Archie McQuilken

Personal information
- Full name: Archibald Lynn McQuilken
- Born: 30 September 1933 Muckamore, Northern Ireland
- Died: 16 October 1985 (aged 52) Belfast, Northern Ireland
- Batting: Right-handed
- Bowling: Leg break googly

Domestic team information
- 1962: Ireland

Career statistics
| Competition | First-class |
| Matches | 2 |
| Runs scored | 140 |
| Batting average | 35.00 |
| 100s/50s | 0/0 |
| Top score | 42 |
| Balls bowled | 115 |
| Wickets | 5 |
| Bowling average | 12.00 |
| 5 wickets in innings | 1 |
| 10 wickets in match | 0 |
| Best bowling | 5/37 |
| Catches/stumpings | 0/– |
- Source: Cricinfo, 17 October 2018

= Archie McQuilken =

Irish cricketer

Archibald Lynn McQuilken (30 September 1933 – 16 October 1985) was an Irish first-class cricketer.

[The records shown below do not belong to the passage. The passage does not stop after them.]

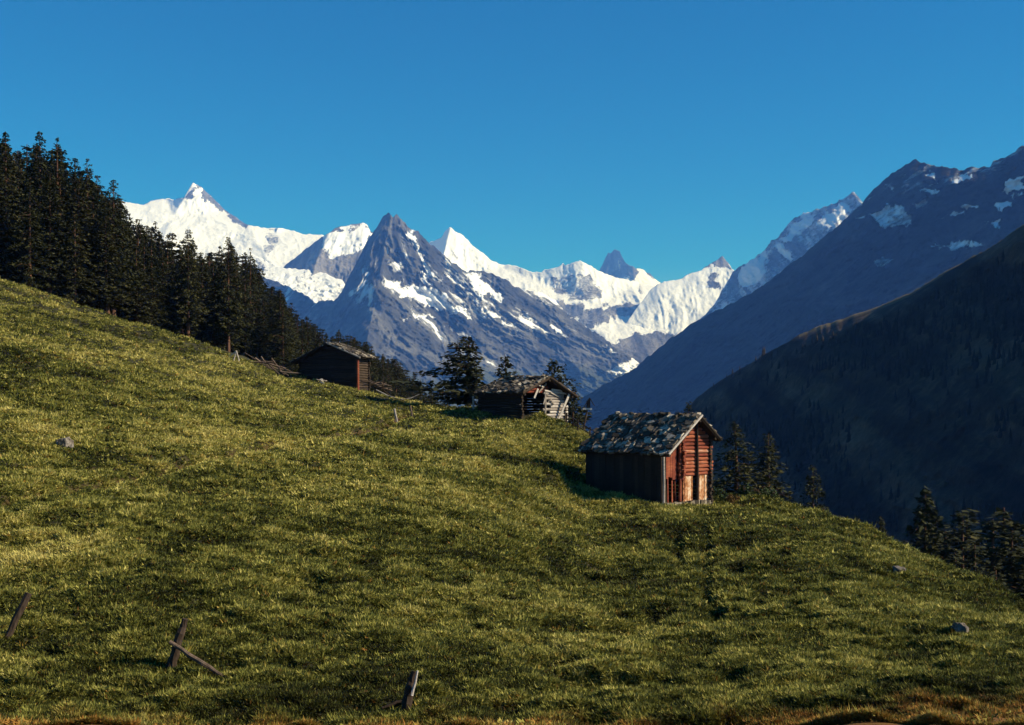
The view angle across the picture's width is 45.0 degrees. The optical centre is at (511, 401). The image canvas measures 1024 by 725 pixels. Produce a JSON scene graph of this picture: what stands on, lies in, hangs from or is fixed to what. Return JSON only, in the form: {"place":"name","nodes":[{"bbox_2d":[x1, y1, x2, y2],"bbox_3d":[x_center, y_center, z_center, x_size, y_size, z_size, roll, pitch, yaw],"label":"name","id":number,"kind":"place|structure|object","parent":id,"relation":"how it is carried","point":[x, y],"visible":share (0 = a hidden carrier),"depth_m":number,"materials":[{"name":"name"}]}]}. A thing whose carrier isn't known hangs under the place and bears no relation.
{"place":"outdoors","nodes":[
{"label":"outdoors","id":0,"kind":"place"},
{"bbox_2d":[122,183,323,271],"bbox_3d":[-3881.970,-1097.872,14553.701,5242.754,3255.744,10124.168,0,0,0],"label":"snow peak","id":1,"kind":"structure","parent":0,"point":[205,218],"depth_m":14423.17,"materials":[{"name":"snow"}]},
{"bbox_2d":[242,249,344,302],"bbox_3d":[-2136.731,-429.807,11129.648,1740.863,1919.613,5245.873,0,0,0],"label":"glacier","id":2,"kind":"object","parent":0,"point":[317,287],"visible":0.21,"depth_m":10602.57,"materials":[{"name":"snow"}]},
{"bbox_2d":[283,222,372,283],"bbox_3d":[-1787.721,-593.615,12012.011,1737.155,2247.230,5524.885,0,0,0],"label":"shoulder peak","id":3,"kind":"structure","parent":0,"point":[335,252],"depth_m":11314.58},
{"bbox_2d":[253,213,638,407],"bbox_3d":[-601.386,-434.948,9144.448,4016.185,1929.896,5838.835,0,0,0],"label":"rocky pyramid","id":4,"kind":"object","parent":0,"point":[412,301],"visible":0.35,"depth_m":8692.69,"materials":[{"name":"stone"}]},
{"bbox_2d":[0,278,1023,724],"bbox_3d":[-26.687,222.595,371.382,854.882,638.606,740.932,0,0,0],"label":"meadow","id":5,"kind":"structure","parent":0,"point":[266,447],"depth_m":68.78,"materials":[{"name":"plant"}]},
{"bbox_2d":[0,165,18,270],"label":"conifer","id":6,"kind":"object","parent":5,"relation":"on","point":[3,233],"visible":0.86,"depth_m":147.47,"materials":[{"name":"green plant"}]},
{"bbox_2d":[0,141,20,215],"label":"conifer","id":7,"kind":"object","parent":5,"relation":"on","point":[12,171],"visible":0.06,"depth_m":171.22,"materials":[{"name":"green plant"}]},
{"bbox_2d":[0,131,31,278],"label":"conifer","id":8,"kind":"object","parent":5,"relation":"on","point":[7,173],"visible":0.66,"depth_m":148.92,"materials":[{"name":"green plant"}]},
{"bbox_2d":[4,592,31,638],"bbox_3d":[-12.450,5.443,31.016,0.754,1.300,0.211,0,0,-19],"label":"fence post","id":9,"kind":"object","parent":5,"relation":"on","point":[21,608],"visible":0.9,"depth_m":30.96,"materials":[{"name":"brown wood"}]},
{"bbox_2d":[4,202,33,281],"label":"conifer","id":10,"kind":"object","parent":5,"relation":"on","point":[11,276],"visible":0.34,"depth_m":148.88,"materials":[{"name":"green plant"}]},
{"bbox_2d":[11,178,31,283],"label":"conifer","id":11,"kind":"object","parent":5,"relation":"on","point":[18,183],"visible":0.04,"depth_m":157.08,"materials":[{"name":"green plant"}]},
{"bbox_2d":[0,184,56,288],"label":"conifer","id":12,"kind":"object","parent":5,"relation":"on","point":[30,279],"visible":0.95,"depth_m":145.96,"materials":[{"name":"green plant"}]},
{"bbox_2d":[19,158,46,231],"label":"conifer","id":13,"kind":"object","parent":5,"relation":"on","point":[24,185],"visible":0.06,"depth_m":167.61,"materials":[{"name":"green plant"}]},
{"bbox_2d":[14,131,62,289],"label":"conifer","id":14,"kind":"object","parent":5,"relation":"on","point":[40,182],"visible":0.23,"depth_m":154.75,"materials":[{"name":"green plant"}]},
{"bbox_2d":[17,173,78,293],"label":"conifer","id":15,"kind":"object","parent":5,"relation":"on","point":[50,239],"visible":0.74,"depth_m":149.58,"materials":[{"name":"green plant"}]},
{"bbox_2d":[32,137,75,291],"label":"conifer","id":16,"kind":"object","parent":5,"relation":"on","point":[57,165],"visible":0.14,"depth_m":157.78,"materials":[{"name":"green plant"}]},
{"bbox_2d":[26,173,91,297],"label":"conifer","id":17,"kind":"object","parent":5,"relation":"on","point":[59,187],"visible":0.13,"depth_m":156.68,"materials":[{"name":"green plant"}]},
{"bbox_2d":[28,151,99,241],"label":"conifer","id":18,"kind":"object","parent":5,"relation":"on","point":[61,165],"visible":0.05,"depth_m":165.28,"materials":[{"name":"green plant"}]},
{"bbox_2d":[56,437,73,447],"bbox_3d":[-21.324,2.347,58.959,0.784,1.343,0.682,0,0,-23],"label":"boulder","id":19,"kind":"object","parent":5,"relation":"on","point":[67,441],"visible":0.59,"depth_m":58.72,"materials":[{"name":"stone"}]},
{"bbox_2d":[50,215,100,304],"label":"conifer","id":20,"kind":"object","parent":5,"relation":"on","point":[71,295],"visible":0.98,"depth_m":149.67,"materials":[{"name":"green plant"}]},
{"bbox_2d":[36,179,115,306],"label":"conifer","id":21,"kind":"object","parent":5,"relation":"on","point":[78,196],"visible":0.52,"depth_m":153.48,"materials":[{"name":"green plant"}]},
{"bbox_2d":[63,157,89,220],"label":"conifer","id":22,"kind":"object","parent":5,"relation":"on","point":[74,175],"visible":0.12,"depth_m":166.05,"materials":[{"name":"green plant"}]},
{"bbox_2d":[67,159,106,306],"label":"conifer","id":23,"kind":"object","parent":5,"relation":"on","point":[91,185],"visible":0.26,"depth_m":157.68,"materials":[{"name":"green plant"}]},
{"bbox_2d":[76,216,135,313],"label":"conifer","id":24,"kind":"object","parent":5,"relation":"on","point":[108,300],"visible":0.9,"depth_m":153.31,"materials":[{"name":"green plant"}]},
{"bbox_2d":[89,190,123,312],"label":"conifer","id":25,"kind":"object","parent":5,"relation":"on","point":[100,199],"visible":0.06,"depth_m":169.95,"materials":[{"name":"green plant"}]},
{"bbox_2d":[96,208,134,313],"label":"conifer","id":26,"kind":"object","parent":5,"relation":"on","point":[115,265],"visible":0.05,"depth_m":160.82,"materials":[{"name":"green plant"}]},
{"bbox_2d":[90,180,145,315],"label":"conifer","id":27,"kind":"object","parent":5,"relation":"on","point":[114,217],"visible":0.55,"depth_m":156.82,"materials":[{"name":"green plant"}]},
{"bbox_2d":[102,223,135,317],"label":"conifer","id":28,"kind":"object","parent":5,"relation":"on","point":[125,246],"visible":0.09,"depth_m":173.05,"materials":[{"name":"green plant"}]},
{"bbox_2d":[116,245,159,323],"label":"conifer","id":29,"kind":"object","parent":5,"relation":"on","point":[136,310],"visible":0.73,"depth_m":160.00,"materials":[{"name":"green plant"}]},
{"bbox_2d":[129,233,150,269],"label":"conifer","id":30,"kind":"object","parent":5,"relation":"on","point":[137,239],"visible":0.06,"depth_m":184.66,"materials":[{"name":"green plant"}]},
{"bbox_2d":[135,240,159,304],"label":"conifer","id":31,"kind":"object","parent":5,"relation":"on","point":[144,250],"visible":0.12,"depth_m":180.93,"materials":[{"name":"green plant"}]},
{"bbox_2d":[142,226,156,267],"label":"conifer","id":32,"kind":"object","parent":5,"relation":"on","point":[147,238],"visible":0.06,"depth_m":204.32,"materials":[{"name":"green plant"}]},
{"bbox_2d":[138,269,172,326],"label":"conifer","id":33,"kind":"object","parent":5,"relation":"on","point":[159,313],"visible":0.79,"depth_m":163.52,"materials":[{"name":"green plant"}]},
{"bbox_2d":[141,234,169,328],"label":"conifer","id":34,"kind":"object","parent":5,"relation":"on","point":[150,258],"visible":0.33,"depth_m":168.06,"materials":[{"name":"green plant"}]},
{"bbox_2d":[152,231,171,279],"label":"conifer","id":35,"kind":"object","parent":5,"relation":"on","point":[160,236],"visible":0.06,"depth_m":189.75,"materials":[{"name":"green plant"}]},
{"bbox_2d":[155,250,174,332],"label":"conifer","id":36,"kind":"object","parent":5,"relation":"on","point":[162,252],"visible":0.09,"depth_m":178.01,"materials":[{"name":"green plant"}]},
{"bbox_2d":[156,256,175,329],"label":"conifer","id":37,"kind":"object","parent":5,"relation":"on","point":[167,287],"visible":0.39,"depth_m":174.36,"materials":[{"name":"green plant"}]},
{"bbox_2d":[155,234,177,302],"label":"conifer","id":38,"kind":"object","parent":5,"relation":"on","point":[168,259],"visible":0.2,"depth_m":183.83,"materials":[{"name":"green plant"}]},
{"bbox_2d":[166,233,181,270],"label":"conifer","id":39,"kind":"object","parent":5,"relation":"on","point":[172,237],"visible":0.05,"depth_m":213.18,"materials":[{"name":"green plant"}]},
{"bbox_2d":[166,618,187,668],"bbox_3d":[-7.913,5.780,29.030,0.574,1.366,0.297,0,0,0],"label":"fence post","id":40,"kind":"object","parent":5,"relation":"on","point":[175,652],"visible":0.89,"depth_m":28.97,"materials":[{"name":"brown wood"}]},
{"bbox_2d":[165,258,200,337],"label":"conifer","id":41,"kind":"object","parent":5,"relation":"on","point":[181,329],"visible":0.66,"depth_m":166.76,"materials":[{"name":"green plant"}]},
{"bbox_2d":[163,229,210,336],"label":"conifer","id":42,"kind":"object","parent":5,"relation":"on","point":[187,309],"visible":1,"depth_m":165.70,"materials":[{"name":"green plant"}]},
{"bbox_2d":[173,267,205,340],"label":"conifer","id":43,"kind":"object","parent":5,"relation":"on","point":[198,334],"visible":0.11,"depth_m":171.03,"materials":[{"name":"green plant"}]},
{"bbox_2d":[169,640,223,676],"bbox_3d":[-7.350,6.006,28.776,1.378,0.868,0.144,0,0,10],"label":"fence rail","id":44,"kind":"object","parent":5,"relation":"on","point":[189,655],"visible":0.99,"depth_m":28.74,"materials":[{"name":"brown wood"}]},
{"bbox_2d":[192,259,217,340],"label":"conifer","id":45,"kind":"object","parent":5,"relation":"on","point":[203,281],"visible":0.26,"depth_m":174.07,"materials":[{"name":"green plant"}]},
{"bbox_2d":[198,275,232,349],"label":"conifer","id":46,"kind":"object","parent":5,"relation":"on","point":[213,341],"visible":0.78,"depth_m":171.21,"materials":[{"name":"green plant"}]},
{"bbox_2d":[203,237,255,351],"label":"conifer","id":47,"kind":"object","parent":5,"relation":"on","point":[228,317],"visible":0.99,"depth_m":170.58,"materials":[{"name":"green plant"}]},
{"bbox_2d":[211,271,250,353],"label":"conifer","id":48,"kind":"object","parent":5,"relation":"on","point":[233,349],"visible":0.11,"depth_m":177.54,"materials":[{"name":"green plant"}]},
{"bbox_2d":[229,256,252,335],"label":"conifer","id":49,"kind":"object","parent":5,"relation":"on","point":[241,275],"visible":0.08,"depth_m":212.22,"materials":[{"name":"green plant"}]},
{"bbox_2d":[233,281,260,358],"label":"conifer","id":50,"kind":"object","parent":5,"relation":"on","point":[252,345],"visible":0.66,"depth_m":180.06,"materials":[{"name":"green plant"}]},
{"bbox_2d":[238,248,264,359],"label":"conifer","id":51,"kind":"object","parent":5,"relation":"on","point":[250,280],"visible":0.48,"depth_m":183.84,"materials":[{"name":"green plant"}]},
{"bbox_2d":[239,260,266,335],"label":"conifer","id":52,"kind":"object","parent":5,"relation":"on","point":[255,279],"visible":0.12,"depth_m":210.16,"materials":[{"name":"green plant"}]},
{"bbox_2d":[247,306,271,360],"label":"conifer","id":53,"kind":"object","parent":5,"relation":"on","point":[262,333],"visible":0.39,"depth_m":184.55,"materials":[{"name":"green plant"}]},
{"bbox_2d":[251,268,273,302],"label":"conifer","id":54,"kind":"object","parent":5,"relation":"on","point":[263,276],"visible":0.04,"depth_m":251.89,"materials":[{"name":"green plant"}]},
{"bbox_2d":[258,299,276,354],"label":"conifer","id":55,"kind":"object","parent":5,"relation":"on","point":[265,314],"visible":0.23,"depth_m":195.84,"materials":[{"name":"green plant"}]},
{"bbox_2d":[245,353,300,375],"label":"timber pile","id":56,"kind":"object","parent":5,"relation":"on","point":[269,363],"visible":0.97,"depth_m":126.00,"materials":[{"name":"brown wood"}]},
{"bbox_2d":[258,289,300,372],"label":"conifer","id":57,"kind":"object","parent":5,"relation":"on","point":[268,342],"visible":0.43,"depth_m":182.93,"materials":[{"name":"green plant"}]},
{"bbox_2d":[263,305,298,374],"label":"conifer","id":58,"kind":"object","parent":5,"relation":"on","point":[283,363],"visible":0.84,"depth_m":179.02,"materials":[{"name":"green plant"}]},
{"bbox_2d":[268,291,299,356],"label":"conifer","id":59,"kind":"object","parent":5,"relation":"on","point":[278,292],"visible":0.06,"depth_m":199.84,"materials":[{"name":"green plant"}]},
{"bbox_2d":[265,299,303,365],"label":"conifer","id":60,"kind":"object","parent":5,"relation":"on","point":[293,327],"visible":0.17,"depth_m":189.91,"materials":[{"name":"green plant"}]},
{"bbox_2d":[292,320,309,374],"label":"conifer","id":61,"kind":"object","parent":5,"relation":"on","point":[302,337],"visible":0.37,"depth_m":196.46,"materials":[{"name":"green plant"}]},
{"bbox_2d":[299,318,315,355],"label":"conifer","id":62,"kind":"object","parent":5,"relation":"on","point":[309,333],"visible":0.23,"depth_m":213.00,"materials":[{"name":"green plant"}]},
{"bbox_2d":[289,341,376,391],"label":"shaded barn","id":63,"kind":"structure","parent":5,"relation":"on","point":[343,364],"depth_m":126.74,"materials":[{"name":"brown wood"}]},
{"bbox_2d":[363,344,379,392],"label":"conifer","id":64,"kind":"object","parent":5,"relation":"on","point":[366,350],"visible":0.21,"depth_m":201.31,"materials":[{"name":"green plant"}]},
{"bbox_2d":[369,346,380,392],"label":"conifer","id":65,"kind":"object","parent":5,"relation":"on","point":[375,364],"visible":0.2,"depth_m":214.89,"materials":[{"name":"green plant"}]},
{"bbox_2d":[361,380,391,395],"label":"timber pile","id":66,"kind":"object","parent":5,"relation":"on","point":[380,386],"visible":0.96,"depth_m":122.86,"materials":[{"name":"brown wood"}]},
{"bbox_2d":[376,359,390,394],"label":"conifer","id":67,"kind":"object","parent":5,"relation":"on","point":[382,379],"visible":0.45,"depth_m":207.89,"materials":[{"name":"green plant"}]},
{"bbox_2d":[378,361,399,395],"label":"conifer","id":68,"kind":"object","parent":5,"relation":"on","point":[393,392],"visible":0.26,"depth_m":216.69,"materials":[{"name":"green plant"}]},
{"bbox_2d":[389,359,409,400],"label":"conifer","id":69,"kind":"object","parent":5,"relation":"on","point":[401,387],"visible":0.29,"depth_m":224.77,"materials":[{"name":"green plant"}]},
{"bbox_2d":[401,670,415,712],"bbox_3d":[-2.157,6.151,25.619,0.402,1.139,0.264,0,0,0],"label":"fence post","id":70,"kind":"object","parent":5,"relation":"on","point":[407,700],"visible":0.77,"depth_m":25.56,"materials":[{"name":"brown wood"}]},
{"bbox_2d":[390,336,486,406],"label":"pine tree","id":71,"kind":"object","parent":5,"relation":"on","point":[471,371],"visible":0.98,"depth_m":115.28,"materials":[{"name":"green plant"}]},
{"bbox_2d":[494,356,516,380],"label":"conifer","id":72,"kind":"object","parent":5,"relation":"on","point":[507,365],"visible":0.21,"depth_m":121.98,"materials":[{"name":"green plant"}]},
{"bbox_2d":[471,374,578,421],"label":"tumbledown barn","id":73,"kind":"structure","parent":5,"relation":"on","point":[515,393],"depth_m":103.78,"materials":[{"name":"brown wood"}]},
{"bbox_2d":[533,358,591,420],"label":"pine tree","id":74,"kind":"object","parent":5,"relation":"on","point":[560,379],"visible":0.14,"depth_m":115.81,"materials":[{"name":"green plant"}]},
{"bbox_2d":[565,390,591,428],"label":"pine tree","id":75,"kind":"object","parent":5,"relation":"on","point":[576,416],"visible":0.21,"depth_m":109.78,"materials":[{"name":"green plant"}]},
{"bbox_2d":[566,413,592,435],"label":"rail fence","id":76,"kind":"object","parent":5,"relation":"on","point":[578,427],"visible":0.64,"depth_m":96.94,"materials":[{"name":"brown wood"}]},
{"bbox_2d":[583,398,594,428],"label":"wayside cross","id":77,"kind":"object","parent":5,"relation":"on","point":[587,404],"visible":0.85,"depth_m":97.94,"materials":[{"name":"brown wood"}]},
{"bbox_2d":[578,411,721,504],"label":"log barn","id":78,"kind":"structure","parent":5,"relation":"on","point":[650,457],"depth_m":77.17,"materials":[{"name":"red wood"}]},
{"bbox_2d":[712,487,727,500],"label":"bush","id":79,"kind":"object","parent":5,"relation":"on","point":[718,494],"visible":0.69,"depth_m":79.15,"materials":[{"name":"green plant"}]},
{"bbox_2d":[721,494,740,503],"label":"bush","id":80,"kind":"object","parent":5,"relation":"on","point":[731,498],"visible":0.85,"depth_m":77.74,"materials":[{"name":"green plant"}]},
{"bbox_2d":[710,421,774,493],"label":"larch","id":81,"kind":"object","parent":5,"relation":"on","point":[736,476],"visible":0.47,"depth_m":91.55,"materials":[{"name":"green plant"}]},
{"bbox_2d":[736,482,755,494],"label":"bush","id":82,"kind":"object","parent":5,"relation":"on","point":[748,490],"visible":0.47,"depth_m":81.82,"materials":[{"name":"green plant"}]},
{"bbox_2d":[755,484,781,498],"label":"bush","id":83,"kind":"object","parent":5,"relation":"on","point":[769,493],"visible":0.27,"depth_m":81.74,"materials":[{"name":"green plant"}]},
{"bbox_2d":[749,433,793,502],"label":"larch","id":84,"kind":"object","parent":5,"relation":"on","point":[768,472],"visible":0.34,"depth_m":93.01,"materials":[{"name":"green plant"}]},
{"bbox_2d":[799,465,828,510],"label":"larch","id":85,"kind":"object","parent":5,"relation":"on","point":[812,493],"visible":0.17,"depth_m":91.98,"materials":[{"name":"green plant"}]},
{"bbox_2d":[904,486,948,561],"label":"spruce","id":86,"kind":"object","parent":5,"relation":"on","point":[921,524],"visible":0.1,"depth_m":87.70,"materials":[{"name":"green plant"}]},
{"bbox_2d":[911,516,955,559],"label":"spruce","id":87,"kind":"object","parent":5,"relation":"on","point":[941,524],"visible":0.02,"depth_m":104.03,"materials":[{"name":"green plant"}]},
{"bbox_2d":[929,529,964,565],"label":"spruce","id":88,"kind":"object","parent":5,"relation":"on","point":[946,538],"visible":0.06,"depth_m":95.55,"materials":[{"name":"green plant"}]},
{"bbox_2d":[946,553,966,568],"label":"spruce","id":89,"kind":"object","parent":5,"relation":"on","point":[955,558],"visible":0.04,"depth_m":81.80,"materials":[{"name":"green plant"}]},
{"bbox_2d":[951,622,968,632],"bbox_3d":[12.687,6.601,35.081,0.571,0.736,0.619,0,-20,21],"label":"boulder","id":90,"kind":"object","parent":5,"relation":"on","point":[960,627],"visible":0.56,"depth_m":34.86,"materials":[{"name":"stone"}]},
{"bbox_2d":[942,508,986,565],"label":"spruce","id":91,"kind":"object","parent":5,"relation":"on","point":[974,520],"visible":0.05,"depth_m":103.86,"materials":[{"name":"green plant"}]},
{"bbox_2d":[938,511,999,577],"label":"spruce","id":92,"kind":"object","parent":5,"relation":"on","point":[962,543],"visible":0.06,"depth_m":88.12,"materials":[{"name":"green plant"}]},
{"bbox_2d":[956,545,1004,584],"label":"spruce","id":93,"kind":"object","parent":5,"relation":"on","point":[975,551],"visible":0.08,"depth_m":83.77,"materials":[{"name":"green plant"}]},
{"bbox_2d":[964,519,1023,596],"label":"spruce","id":94,"kind":"object","parent":5,"relation":"on","point":[992,527],"visible":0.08,"depth_m":91.99,"materials":[{"name":"green plant"}]},
{"bbox_2d":[970,507,1023,568],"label":"spruce","id":95,"kind":"object","parent":5,"relation":"on","point":[1005,515],"visible":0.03,"depth_m":99.47,"materials":[{"name":"green plant"}]},
{"bbox_2d":[986,563,1012,592],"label":"spruce","id":96,"kind":"object","parent":5,"relation":"on","point":[995,575],"visible":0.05,"depth_m":77.78,"materials":[{"name":"green plant"}]},
{"bbox_2d":[982,528,1023,593],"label":"spruce","id":97,"kind":"object","parent":5,"relation":"on","point":[1010,572],"visible":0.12,"depth_m":86.22,"materials":[{"name":"green plant"}]},
{"bbox_2d":[997,521,1023,575],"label":"spruce","id":98,"kind":"object","parent":5,"relation":"on","point":[1019,528],"visible":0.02,"depth_m":98.43,"materials":[{"name":"green plant"}]},
{"bbox_2d":[1005,557,1023,600],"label":"spruce","id":99,"kind":"object","parent":5,"relation":"on","point":[1018,566],"visible":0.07,"depth_m":84.14,"materials":[{"name":"green plant"}]},
{"bbox_2d":[0,0,1023,282],"label":"sky","id":100,"kind":"structure","parent":0,"point":[675,137],"materials":[{"name":"blue"}]},
{"bbox_2d":[429,227,674,363],"bbox_3d":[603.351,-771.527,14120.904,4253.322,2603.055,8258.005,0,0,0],"label":"ice range","id":101,"kind":"structure","parent":0,"point":[600,303],"depth_m":13750.23,"materials":[{"name":"snow"}]},
{"bbox_2d":[599,249,659,285],"bbox_3d":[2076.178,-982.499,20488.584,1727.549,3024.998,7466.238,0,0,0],"label":"rock horn","id":102,"kind":"object","parent":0,"point":[615,265],"visible":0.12,"depth_m":19689.51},
{"bbox_2d":[626,256,733,335],"bbox_3d":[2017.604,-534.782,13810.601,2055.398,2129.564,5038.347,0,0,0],"label":"snow dome","id":103,"kind":"structure","parent":0,"point":[675,307],"depth_m":12859.82,"materials":[{"name":"snow"}]},
{"bbox_2d":[701,192,862,318],"bbox_3d":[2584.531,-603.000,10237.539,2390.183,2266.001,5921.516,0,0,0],"label":"ridge peak","id":104,"kind":"structure","parent":0,"point":[800,236],"depth_m":10068.00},
{"bbox_2d":[568,146,1023,432],"bbox_3d":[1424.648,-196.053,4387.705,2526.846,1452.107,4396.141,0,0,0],"label":"shaded mountain","id":105,"kind":"structure","parent":0,"point":[912,226],"depth_m":4322.56,"materials":[{"name":"stone"}]},
{"bbox_2d":[683,224,1023,566],"bbox_3d":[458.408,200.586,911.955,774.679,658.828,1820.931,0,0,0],"label":"wooded mountain","id":106,"kind":"structure","parent":0,"point":[980,464],"depth_m":726.64,"materials":[{"name":"plant"}]},
{"bbox_2d":[678,250,1023,556],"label":"forest","id":107,"kind":"object","parent":106,"relation":"on","point":[995,336],"visible":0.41,"depth_m":753.82,"materials":[{"name":"plant"}]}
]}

McQuilken was born at Muckamore in County Antrim in September 1933. An all-rounder for Muckamore Cricket Club, for whom he scored over 10,000 runs and took over a 1,000 wickets, he played two first-class cricket matches for Ireland 1962. His first came against the Combined Services at Belfast, while his second match came against Scotland at Greenock. He took a five-wicket haul on debut, with 5/37; these were his only first-class wickets. He also scored 140 runs across both matches, with a highest score of 42. Outside of cricket his profession was an engineer. He died in a road traffic accident in Belfast in June 1985.